I'm increasingly seeing this problem and I'm not the only one seeing this problem (Discourse #6804). Its actually a problem that is very common in Finance and Trading where I work. Currently Excel support larger tables than we do with Perspective. I believe we should enable users to work with larger files than Excel can in Perspective.
Actually Perspective was built to support large tabular data via virtualization. See regular-table
and Perspective. But our implementation only use the perspective-viewer
web component. Not the advanced client-server virtualization architecture supported.
A Panel user actually showcased how to use the client-server virtualization in Discourse #6430. But its only a complicated to use proof of concept.
Please note that the client-server virtualization architecture seems similar to Mosaic - Mosaic is just built on DuckDB. There is a request to add Mosaic in FR #7358.
Discussion
The Tabulator Pane provides a kind of virtualization via the pagination
parameter ("local" or "remote"). We could support a similar parameter with Perspective making it really easy for users.
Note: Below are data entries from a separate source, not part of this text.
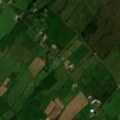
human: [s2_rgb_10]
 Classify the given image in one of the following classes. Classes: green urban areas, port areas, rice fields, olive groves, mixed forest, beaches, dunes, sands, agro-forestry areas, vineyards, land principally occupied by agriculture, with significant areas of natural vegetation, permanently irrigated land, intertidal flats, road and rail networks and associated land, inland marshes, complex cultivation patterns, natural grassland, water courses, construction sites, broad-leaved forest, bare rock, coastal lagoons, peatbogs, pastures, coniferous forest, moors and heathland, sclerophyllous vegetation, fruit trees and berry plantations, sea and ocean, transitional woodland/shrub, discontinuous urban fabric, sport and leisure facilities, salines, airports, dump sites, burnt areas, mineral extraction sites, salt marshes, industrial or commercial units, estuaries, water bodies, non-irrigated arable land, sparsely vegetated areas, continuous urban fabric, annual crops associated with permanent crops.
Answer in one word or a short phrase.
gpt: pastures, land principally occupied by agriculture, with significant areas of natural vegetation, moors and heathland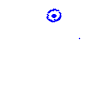
Particle: pion
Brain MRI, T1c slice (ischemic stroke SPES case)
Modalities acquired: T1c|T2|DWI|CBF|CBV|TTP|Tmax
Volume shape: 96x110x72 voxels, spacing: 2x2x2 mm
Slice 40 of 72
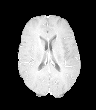
Lesion size: 27037 voxels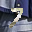
Label: 7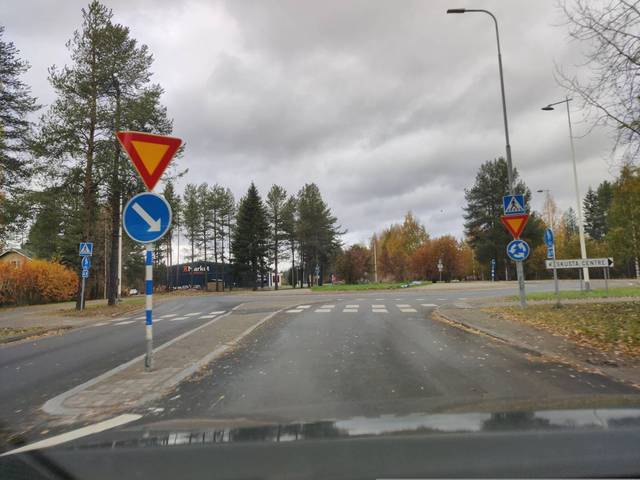
Region: Finland
Coordinates: 67.421, 26.588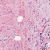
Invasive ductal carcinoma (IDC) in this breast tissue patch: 1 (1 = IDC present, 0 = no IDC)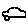
Label: car

On the other hand there is power in exposing more of the underlying Perspective api like the PerspectiveManager and hosting tables once but using across sessions and users. I think also Panel Perspective pane would be more useful if it implemented the Jupyter Perspective Widget api and capabilities. See PyCon Italy 2024 and PerspectiveWidget Implementation for inspiration.
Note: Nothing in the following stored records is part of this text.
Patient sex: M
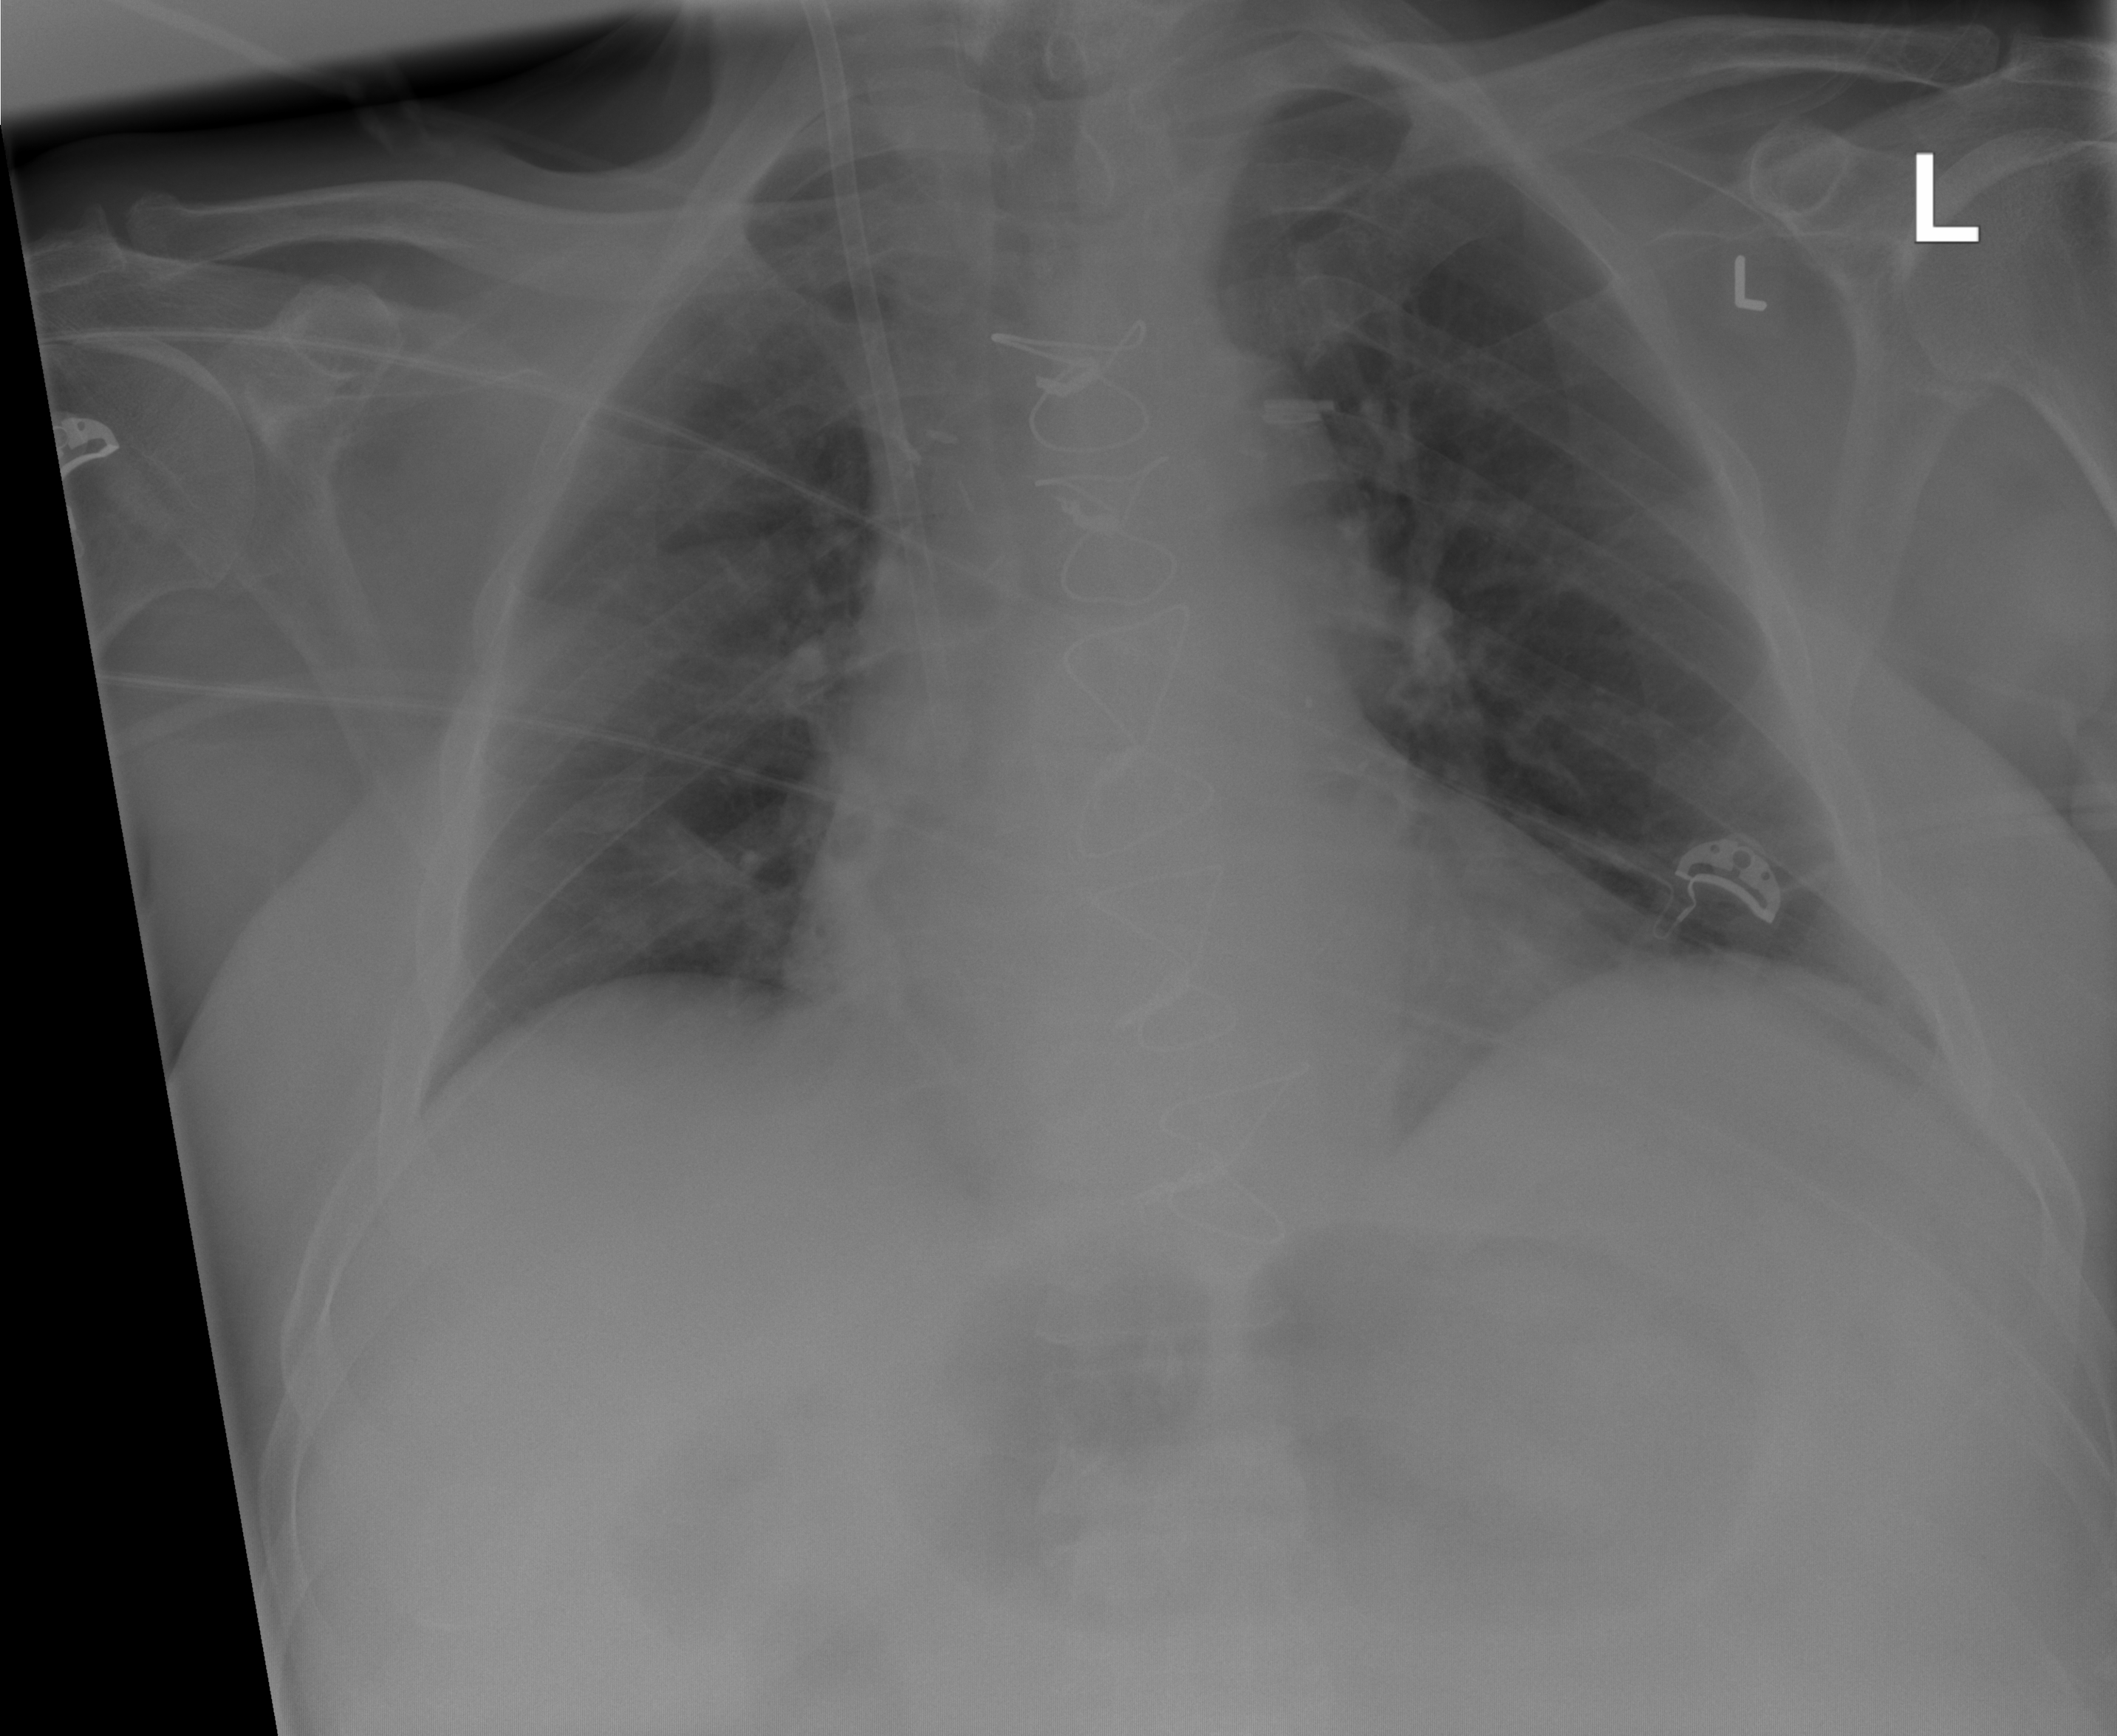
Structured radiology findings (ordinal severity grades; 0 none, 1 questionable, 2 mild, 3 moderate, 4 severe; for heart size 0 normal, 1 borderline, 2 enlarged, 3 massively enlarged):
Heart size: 2
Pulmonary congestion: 0
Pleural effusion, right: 0
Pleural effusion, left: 0
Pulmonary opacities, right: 0
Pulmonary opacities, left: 2
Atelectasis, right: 0
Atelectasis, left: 2

Today Panel can be running on both Tornado and FastAPI servers. The solution should work in both environments. Personally I want to migrate to FastAPI deployments if that is possible.
Also it should just work in Pyodide because that is where lots of the showcasing of the functionality will take place.
Cannot use JupyterWidget
Unfortunately its not a workaround to use the Jupyter Widget
import pandas as pd
import panel as pn
from perspective.widget import PerspectiveWidget
pn.extension("ipywidgets")
df = pd.DataFrame([[1, 2, 3], [4, 5, 6]], columns=["A", "B", "C"])
p = PerspectiveWidget(df)
pn.pane.IPyWidget(p).servable()